## Brief
Your answer should be every line of the entries that has the string "with" in it.

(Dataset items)
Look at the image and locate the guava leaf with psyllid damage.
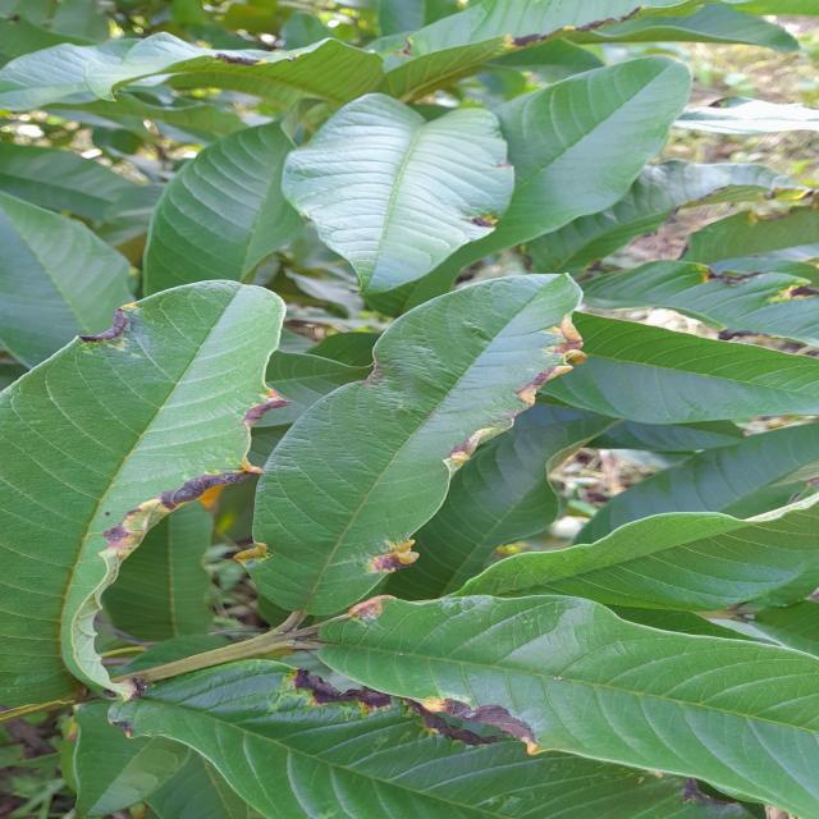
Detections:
[237,262,605,623]
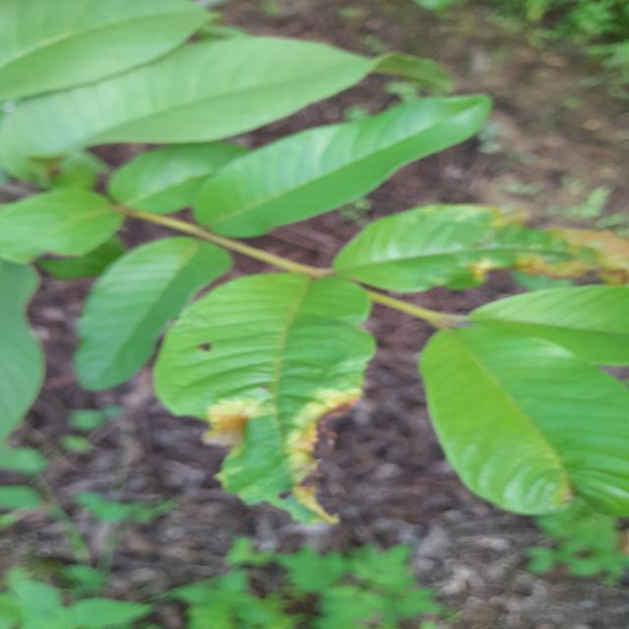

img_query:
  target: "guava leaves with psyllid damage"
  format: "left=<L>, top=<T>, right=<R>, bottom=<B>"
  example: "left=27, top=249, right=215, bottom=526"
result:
left=149, top=263, right=387, bottom=535
left=319, top=195, right=629, bottom=294
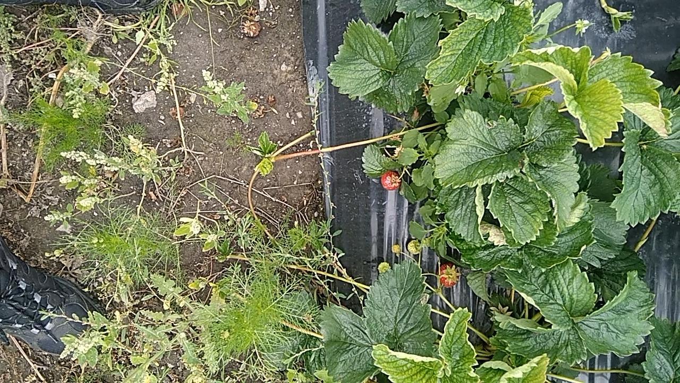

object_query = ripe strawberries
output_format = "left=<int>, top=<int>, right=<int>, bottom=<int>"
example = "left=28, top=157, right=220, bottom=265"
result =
left=380, top=170, right=401, bottom=191
left=438, top=264, right=461, bottom=289
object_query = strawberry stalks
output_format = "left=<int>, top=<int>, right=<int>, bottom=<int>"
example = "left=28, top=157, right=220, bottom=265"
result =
left=393, top=171, right=405, bottom=184
left=423, top=272, right=439, bottom=277
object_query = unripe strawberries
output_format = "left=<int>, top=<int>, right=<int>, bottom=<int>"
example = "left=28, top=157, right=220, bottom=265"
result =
left=407, top=236, right=422, bottom=255
left=376, top=261, right=391, bottom=274
left=389, top=243, right=401, bottom=254

## Answer box
Look at the image and locate the guava leaf with psyllid damage.
  target: "guava leaves with psyllid damage"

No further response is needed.